Communication with family, friends and carers
Families, friends and carers play a crucial role in supporting people at the end of life. To do this effectively, they need to receive clear and timely communication. They need to be adequately informed involved in discussions about care.
Where communication breaks down, they are left to take on a greater role in coordinating care at a time when they are already struggling to come to terms with their loved one dying.
One complainant told us about the huge sense of responsibility she felt in her role as next of kin for her close friend:
‘I was the person that she [complainant’s friend] had put her trust and faith in and, given that role and responsibility to. I knew that this was the most important thing I would and ever could do for her. I wasn’t going to fail in it.’
A common theme in complaints is that families were not told clearly or early enough that their loved one was deteriorating or approaching the end of life, leaving them unprepared for what followed.

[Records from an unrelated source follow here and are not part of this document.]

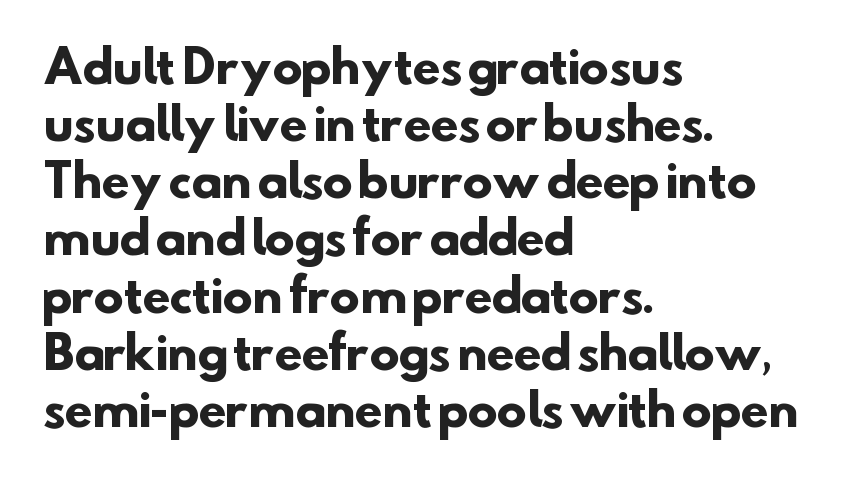
Q: Is the text bold? A: Yes.
Q: Is the typeface a serif or a sans-serif typeface? A: Sans-serif.
Q: Is the text underlined? A: No.
Q: How is the paragraph aligned? A: Left-aligned.
Q: Is the spacing between letters normal or unusually wide? A: Normal.
Q: Is the spacing between lines tight, normal or loose? A: Normal.
Q: Width (condensed, normal, or wide)? A: Normal.
Q: Stroke contrast? A: Low.
Q: x-height? A: Small.
Q: Monospaced? A: No.

Where there is a communication breakdown with families, it compounds grief and leaves a lasting impact on those left behind. One complainant spoke to us about her mother’s final days of life, and how the communication failings affected their family:
‘I couldn’t say it was a memorable ending. And the issue comes because of the lack of communication. We were quite realistic that she was coming to the end of her life. What you’re wanting as a family is for it to be a peaceful time where the family can spend some quality time and talk about memories. I don’t have that. And I can’t take away those scars, those memories live on with me for life.’
A lack of clear information
In some cases, families reported being given partial or contradictory information about diagnosis, treatment or discharge plans. As a result, families did not understand what to expect and were more likely to perceive care as unsafe or inappropriate, even when there were no clinical failings:
‘I just needed to talk to someone… anyone that could inform me about what was going on. It doesn’t cost anything to talk.’
We found that in some cases a lack of understanding about the implications of active treatment left families feeling they had missed the opportunity to explore different care options with their loved one. One complainant described the consequence of not having a full explanation of what active treatment would mean for her mother:
‘The consultant asked us, “has nobody explained the implications of having the surgery, because it can be extremely painful”. We should have been told earlier so we could have sat with mum and said, do you really want to go through this? Is it worth going through that pain or is the best pathway forward palliative care? Had we had that option before, not waiting for that surgical team, we could have got her into a care home that does palliative care, or got her home with Macmillan support.’
Compassion and empathy
Families described times where they felt dismissed or not properly listened to, particularly at emotionally difficult moments when empathy would have made a significant difference:
‘There were comments around the fact that I was a nuisance… It was obvious anyway, that I was not welcome.’
Families told us that even if staff could not meet their wishes for their loved one, compassionate communication to explain this and acknowledge their situation would have made them feel much more supported.
Even when their overall experience of communication had been poor, families remembered well the staff who showed them kindness and empathy at a time when they needed it most. A complainant told us about a memorable conversation she had with a cancer consultant caring for her mother:
‘She showed empathy and spent time explaining to us… I couldn’t have asked any more from her – it was her understanding, her empathy and she was thinking about my mother and the best way forward for her.’
Another complainant told us about a nurse who made her feel reassured:
‘I did notice there was one particular nurse who seemed caring, who seemed as though he knew what was happening. I used to breathe a sigh of relief when he was there.’
Complainants recognised the challenging environment healthcare professionals work in and acknowledged that excellent practice exists. They identified consistency as the real issue to tackle:
‘There’s lots of people working very hard to do a very good job and they shouldn’t be undermined by instances of where things fall short. We just need to close that gap.’
NACEL’s Good Practice Compendium
The National Audit of Care at the End of Life (NACEL) is a national comparative audit of the quality and outcomes of care in the final admission before death. It covers acute hospitals, community hospitals and mental health inpatient providers in England, Wales and Jersey, and looks at the experience of the dying person and those close to them.
The Good Practice Compendium brings together examples of innovation and improvement in end of life care, shared by hospitals through NACEL. It showcases initiatives developed by local teams to address common challenges in end of life care, including communication.
Example: Dorset County Hospital NHS Foundation Trust - Dorset County Hospital
The hospital introduced several initiatives aimed at improving communication with patients at the end of life and with those close to them.
To provide more personalised and patient-centred communication, the hospital embedded a simple question around ‘what matters most to you now/in the future?’into training and practice. It introduced an End of Life Support Worker role to provide ward-based and classroom teaching, helping staff build confidence in recognising when patients are dying and in communicating effectively.
As a result, patients known to the palliative care team now routinely have conversations about what is most important to them, staff training has doubled, and communication is more consistent, coordinated and focused on patients and families.